Dentuman itu muncul dari arah pintu utama kediaman Keluarga Ashar, seseorang membukanya secara serentak. Seorang wanita yang mengenakan gamis hitam, lengkap dengan pashmina berwarna senada yang menutupi kepalanya. Wanita tersebut buru-buru masuk dan menaiki tiap anak tangga menuju sebuah kamar dengan pintu merah muda. Wajahnya terlihat sayu dengan kedua mata membengkak merah.
"Mey ... Sisil!" teriaknya berusaha tidak panik seraya mengetuk pintu.

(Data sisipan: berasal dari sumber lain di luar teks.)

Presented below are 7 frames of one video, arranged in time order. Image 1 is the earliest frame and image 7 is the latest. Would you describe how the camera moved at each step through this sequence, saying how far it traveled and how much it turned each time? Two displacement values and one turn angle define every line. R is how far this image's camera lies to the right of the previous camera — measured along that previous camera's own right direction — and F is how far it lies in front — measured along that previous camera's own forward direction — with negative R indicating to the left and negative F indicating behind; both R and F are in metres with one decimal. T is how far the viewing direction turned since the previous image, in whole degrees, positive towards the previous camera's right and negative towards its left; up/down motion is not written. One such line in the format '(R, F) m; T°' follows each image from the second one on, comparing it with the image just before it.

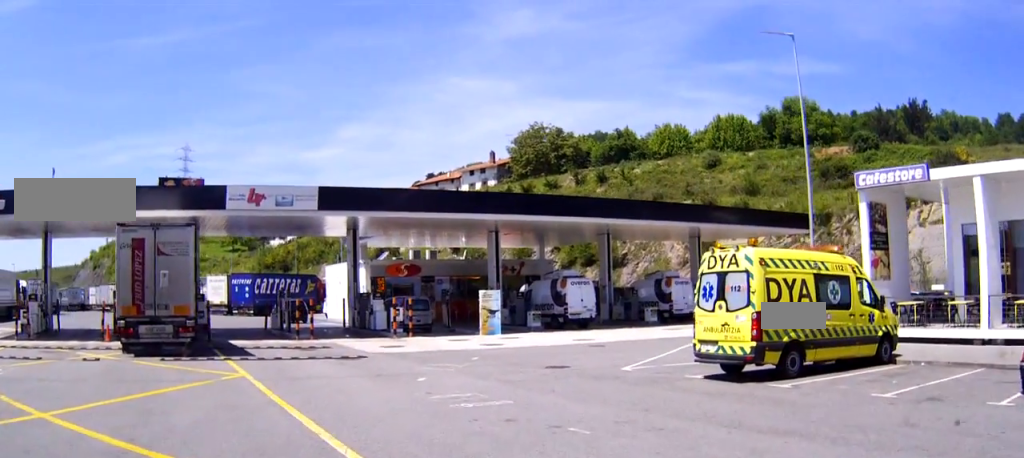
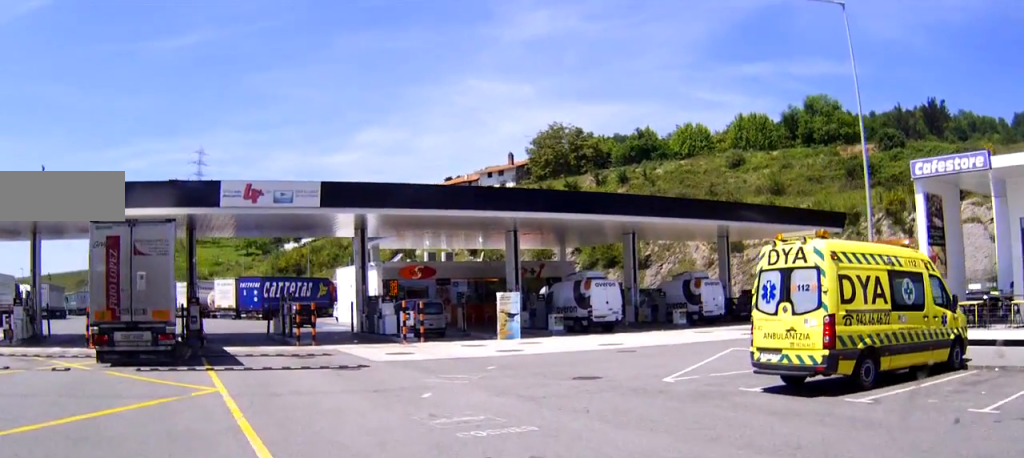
(0.0, +2.5) m; +1°
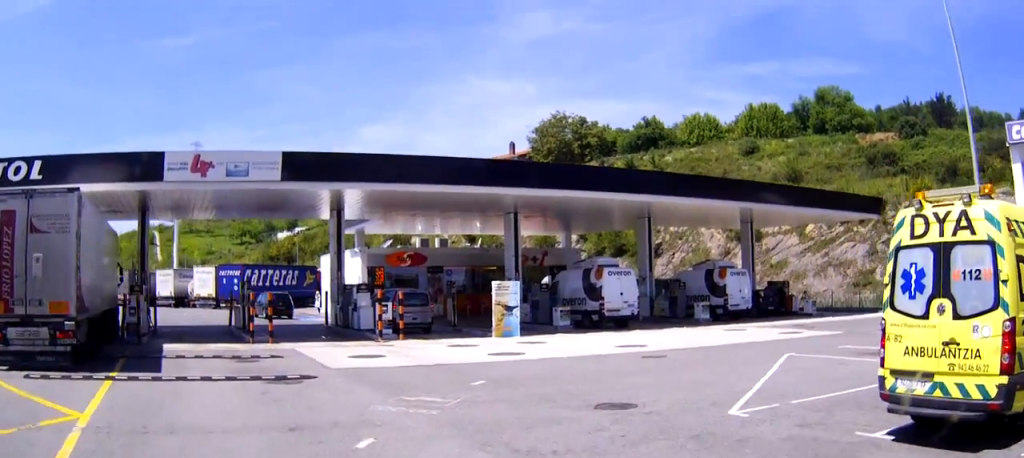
(+0.1, +4.9) m; +2°
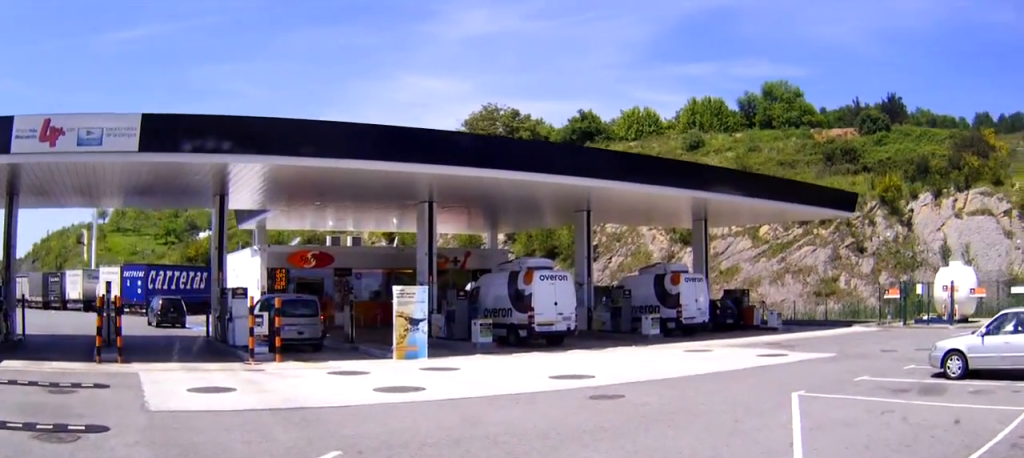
(+0.3, +5.8) m; +12°
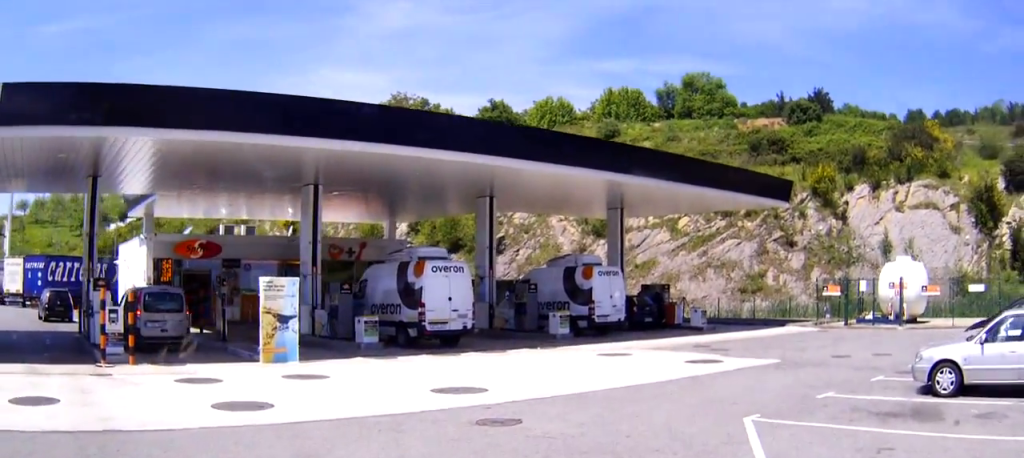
(+0.5, +3.3) m; +8°
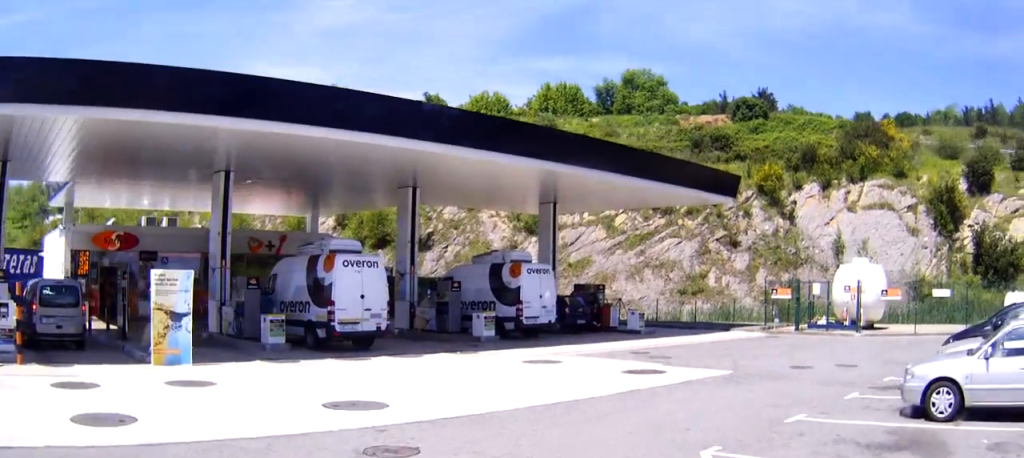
(0.0, +2.0) m; 0°
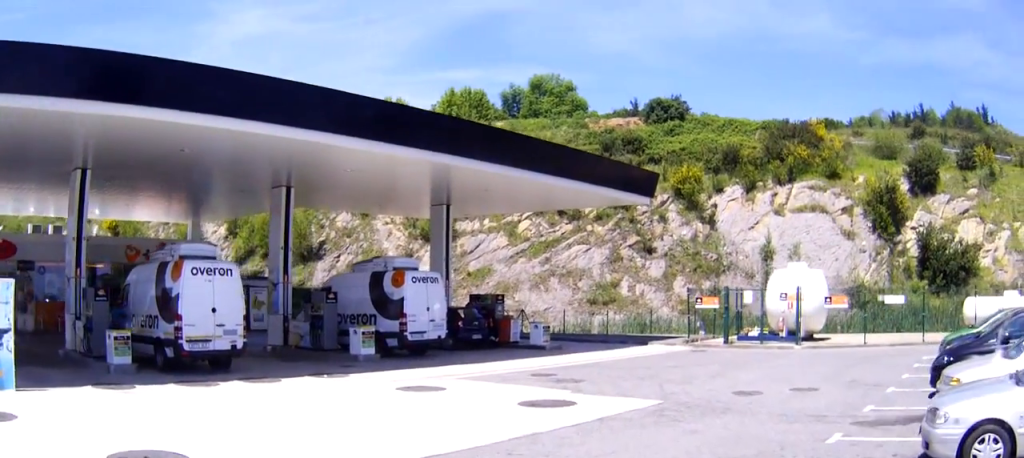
(0.0, +2.9) m; +2°
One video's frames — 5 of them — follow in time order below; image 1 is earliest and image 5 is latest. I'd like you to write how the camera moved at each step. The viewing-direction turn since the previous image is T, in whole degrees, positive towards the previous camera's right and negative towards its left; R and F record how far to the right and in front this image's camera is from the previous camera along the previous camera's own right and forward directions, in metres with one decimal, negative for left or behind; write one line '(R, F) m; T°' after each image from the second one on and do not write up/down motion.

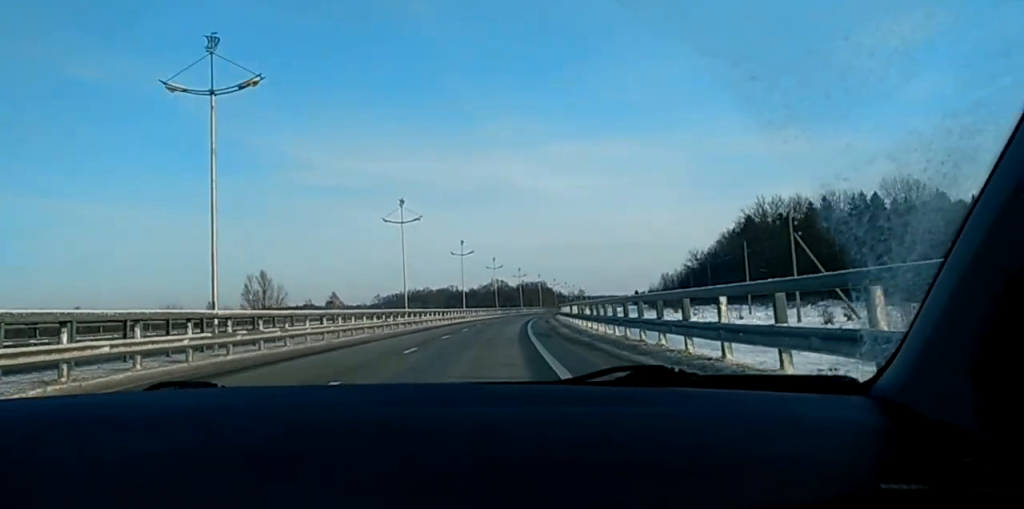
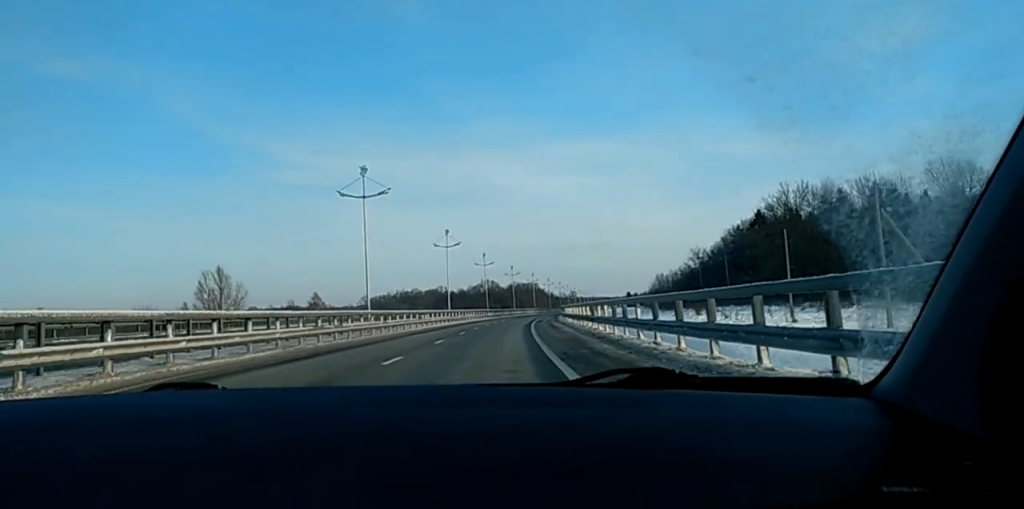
(-0.1, +17.8) m; +1°
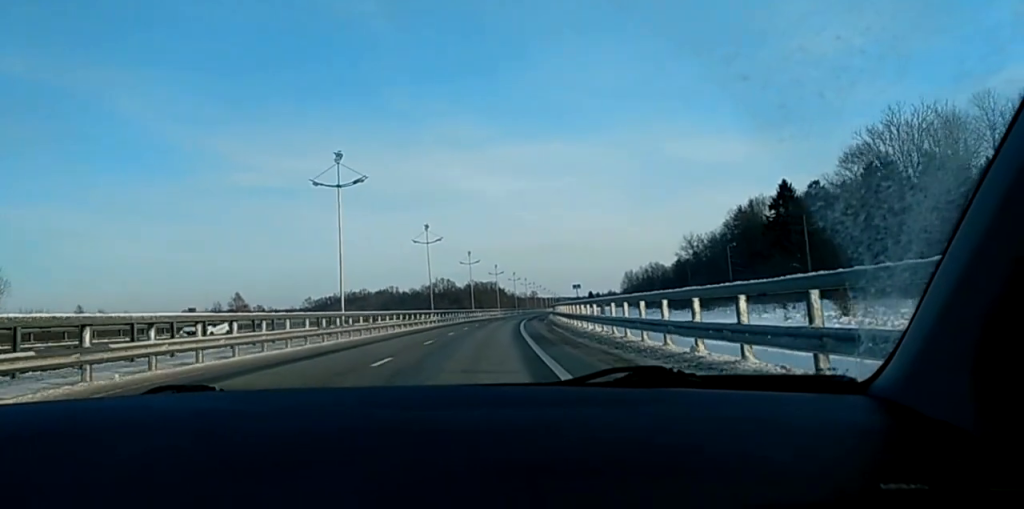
(+1.7, +47.3) m; +3°
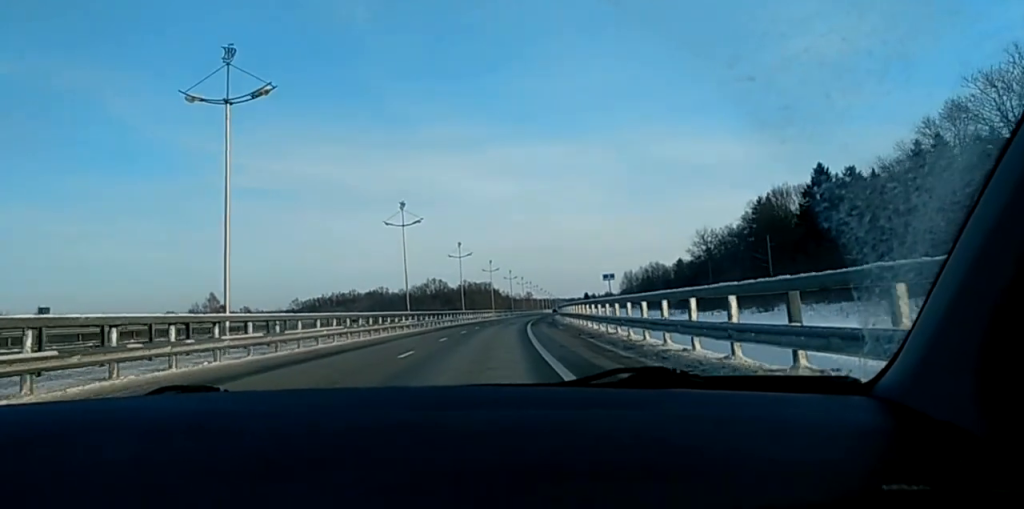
(0.0, +20.0) m; +1°
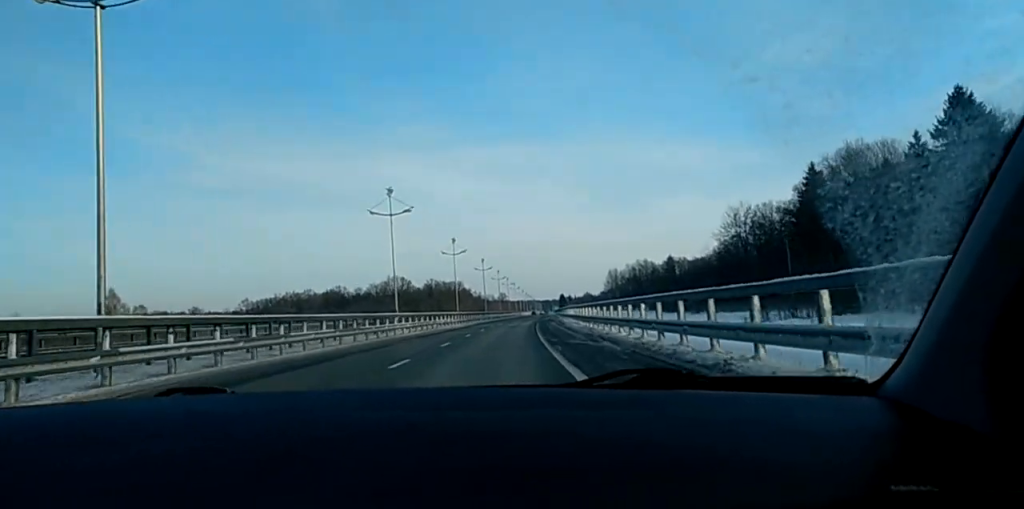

"Bagaimana, Bu?" tanya seorang pria yang mengekor wanita tersebut. Ia menoleh pada suaminya, "Mereka nggak ada, Pak ..." sahutnya kembali menangis.
"Sudah, Bu, jangan seperti ini. Kalau anak-anak melihat, mereka pasti bingung. Kita cari lagi."
"Bibi!!" teriak nyaring seorang anak berusia tujuh tahun di dekat tangga.
"Mey!" Wanita itu buru-buru turun untuk menghampiri keponakannya.
"Ada apa, Bi?" tanya Mey menatap wajah bibinya yang basah.
Wanita itu tidak menjawab pertanyaan dari keponakannya, ia menatap sekitar lalu kembali menatap wajah Mey. "Di mana adikmu, Sayang?"
"Ade ada di kamar, Bi. Di mana Ibu dan Ayah?"
Mendengar pertanyaan itu, wanita tersebut buru-buru memeluk tubuh mungil Mey seraya menangis. "Mey harus kuat sebagai seorang kakak. Ibu dan Ayah sudah pulang."
Gadis cilik itu melepaskan pelukannya dan bertanya dengan heran, "Pulang? Pulang ke mana, Bi?"